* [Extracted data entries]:
[Start of Attachment]
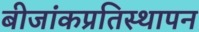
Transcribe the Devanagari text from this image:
बीजांकप्रतिस्थापन
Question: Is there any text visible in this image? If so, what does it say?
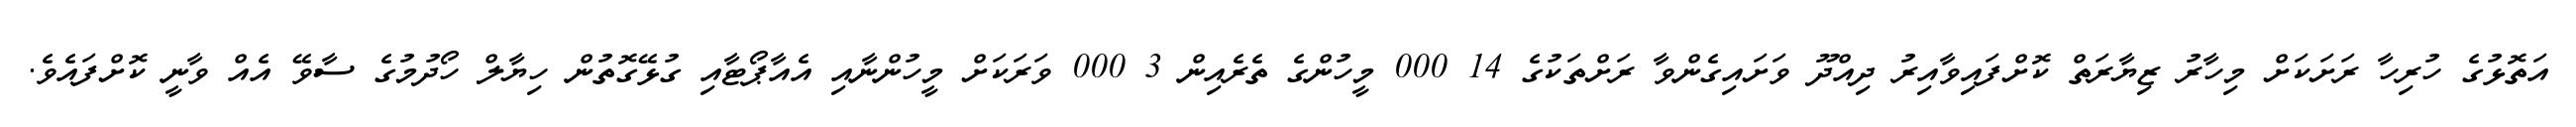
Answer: އަތޮޅުގެ ހުރިހާ ރަށަކަށް މިހާރު ޒިޔާރަތް ކޮށްފައިވާއިރު ދިއްދޫ ވަށައިގެންވާ ރަށްތަކުގެ 14 000 މީހުންގެ ތެރެއިން 3 000 ވަރަކަށް މީހުންނާއި އެއާޕޯޓާއި ގުޅޭގޮތުން ހިޔާލް ހޯދުމުގެ ސާވޭ އެއް ވާނީ ކޮށްފައެވެ.
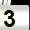
Digit: 3
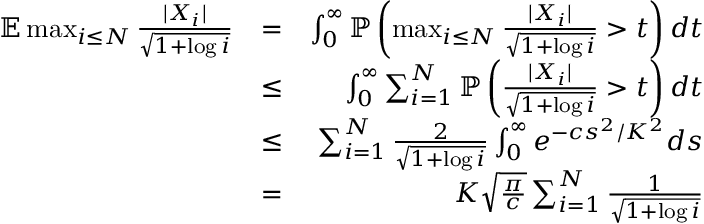
\begin{array} { r l r } { \mathbb { E } \operatorname* { m a x } _ { i \leq N } \frac { | X _ { i } | } { \sqrt { 1 + \log i } } } & { = } & { \int _ { 0 } ^ { \infty } \mathbb { P } \left( \operatorname* { m a x } _ { i \leq N } \frac { | X _ { i } | } { \sqrt { 1 + \log i } } > t \right) d t } \\ & { \leq } & { \int _ { 0 } ^ { \infty } \sum _ { i = 1 } ^ { N } \mathbb { P } \left( \frac { | X _ { i } | } { \sqrt { 1 + \log i } } > t \right) d t } \\ & { \leq } & { \sum _ { i = 1 } ^ { N } \frac { 2 } { \sqrt { 1 + \log i } } \int _ { 0 } ^ { \infty } e ^ { - c s ^ { 2 } / K ^ { 2 } } d s } \\ & { = } & { K \sqrt { \frac { \pi } { c } } \sum _ { i = 1 } ^ { N } \frac { 1 } { \sqrt { 1 + \log i } } } \end{array}
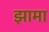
[End of Attachment]
* [YOUR OBJECTIVE]: Copy exactly the lines from the first line of the records above through the line with "Question: Is there", both included, and nothing else. Pictures stay out.

* [TASK OUTPUT]:
Transcribe the Devanagari text from this image:
बीजांकप्रतिस्थापन
Question: Is there any text visible in this image? If so, what does it say?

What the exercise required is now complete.